- Libyan authorities in their preparations for this year's national budget have decided to lay off more than one third of the country's civil servants within the next few years. In a bid to ease budgetary strains and encourage private sector investments, authorities nevertheless offer to pay three years of salaries.
The decision to lay off an estimated 400,000 state employees and army staff was presented during the 2007 budget works this weekend. Libya has more than one million civil servants, totally dominating the national workforce in a country of only 6.5 million inhabitants.
The Secretary of the General People's Committee - or Libya's Prime Minister, as he is usually referred to - announced the plan on national television during the weekend.
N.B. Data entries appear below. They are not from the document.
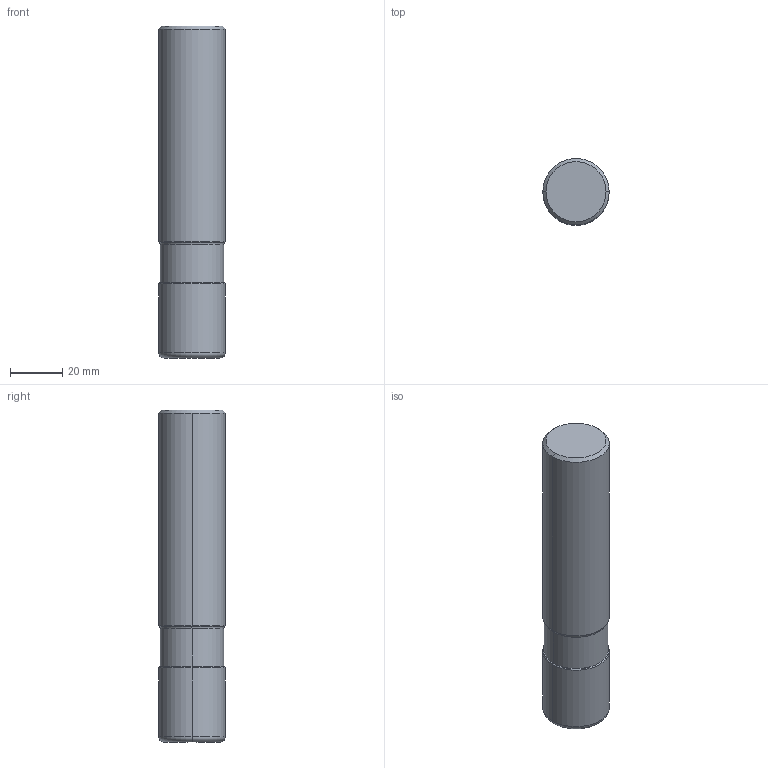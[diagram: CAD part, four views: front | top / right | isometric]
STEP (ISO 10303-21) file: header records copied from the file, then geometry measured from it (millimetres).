
FILE_DESCRIPTION(/* description */ (''),/* implementation_level */ '2;1');
FILE_NAME(/* name */ 'APX3KUR162FA16S11A06_IR0_079.stp',/* time_stamp */ '2021-09-08T11:44:50+09:00',/* author */ (''),/* organization */ (''),/* preprocessor_version */ 'ST-DEVELOPER v16',/* originating_system */ 'SIEMENS PLM Software NX 10.0',/* authorisation */ '');
FILE_SCHEMA (('AUTOMOTIVE_DESIGN { 1 0 10303 214 3 1 1 1 }'));
Length unit declared in the file: millimetre
Products named in the file (1): APX3KUR162FA16S11A06_IR0_079_ASM
Bounding box: 25.4 x 25.4 x 127 mm (x, y, z)
Volume: 72752.7 mm3; surface area: 14909.2 mm2
Topology: 2 solids, 2 shells, 94 faces, 239 edges, 181 vertices
Faces by surface type: torus 44, cone 24, cylinder 12, plane 6, revolution 6, bspline 2
Entity records: 3248 total; most frequent: CARTESIAN_POINT 698, DIRECTION 605, ORIENTED_EDGE 424, AXIS2_PLACEMENT_3D 278, EDGE_CURVE 212, CIRCLE 181, VERTEX_POINT 124, EDGE_LOOP 98
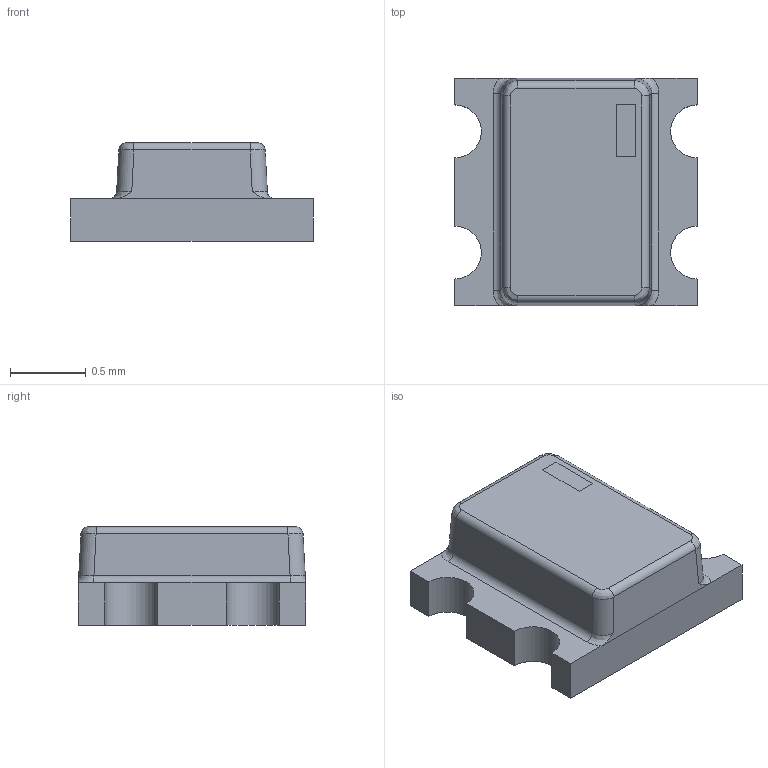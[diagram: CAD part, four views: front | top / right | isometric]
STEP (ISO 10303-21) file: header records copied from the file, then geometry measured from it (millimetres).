
FILE_DESCRIPTION(/* description */ (''),/* implementation_level */ '2;1');
FILE_NAME(/* name */ 'TX1812MJA5 v1.step',/* time_stamp */ '2025-08-14T16:31:50+08:00',/* author */ (''),/* organization */ (''),/* preprocessor_version */ 'ST-DEVELOPER v20.1',/* originating_system */ 'Autodesk Translation Framework v14.10.0.0',/* authorisation */ '');
FILE_SCHEMA (('AUTOMOTIVE_DESIGN { 1 0 10303 214 3 1 1 }'));
Length unit declared in the file: millimetre
Products named in the file (1): TX1812MJA5
Bounding box: 1.6 x 1.5 x 0.65 mm (x, y, z)
Volume: 1.2 mm3; surface area: 9.1 mm2
Topology: 2 solids, 2 shells, 48 faces, 116 edges, 72 vertices
Faces by surface type: plane 26, cylinder 14, bspline 8
Entity records: 1619 total; most frequent: CARTESIAN_POINT 457, ORIENTED_EDGE 232, DIRECTION 230, EDGE_CURVE 116, AXIS2_PLACEMENT_3D 77, LINE 76, VECTOR 76, VERTEX_POINT 72

PM Al-Baghdadi Ali al-Mahmoudi said it was necessary to cut back on the dinar 4 billion (euro 2.5 billion) spent on salaries over the national budget each year.
While the radical reform would have a quick effect on the composition of Libya's workforce, budget spending on salaries would not diminish within short. PM Al-Mahmoudi promised that authorities would be generous with the many affected of the labour cut-backs.
The Prime Minister in his speech emphasised that those thrown out of the government workforce "will be paid their full salaries for three years until they can ensure their own businesses without being funded by the Public Treasury," Libyan state media reported. "They also can get loans to create their own economic business where each loan reaches up to 50,000 dinars," (euro 32,000) he added.
According to the budget committee, the programme not only was aimed at cutting Libya's galloping public wage bill. It is also a conscious attempt at diversifying the Libyan economy, which still is totally dependent on oil revenues.
PM Al-Mahmoudi in his speech made it clear that government preferred the 400,000 to-be-sacked civil servants to establish small and medium-sized companies rather than going in search of other employment. He assured that "building materials" were being supplied throughout Libya to make sure that new enterprises could be established and built.
Indeed, for the many Libyan that will lose their formerly safe and secure government jobs, there is little hope on the small private employment market. Official figures put the unemployment rate in Libya at 17 percent, but the real figure is believed to be much higher.
Official sources were not able to inform how the dramatic downsizing of the civil servant corps was to be carried out in practical terms - such as who would be asked to leave and on which criteria and when they would be ordered out of office. Libyan workers have close to no labour rights and there does not exist any independent trade union in the country that would dear challenging a public employer.
The decision to fire a quarter of the public workforce is believed to have been encouraged by Libyan leader Muammar Ghaddafi. Mr Ghaddafi has on several occasions said that the national economy needs to diversify and that the private sector needs to grow at the public sector's expense to secure further economic development in the North African country.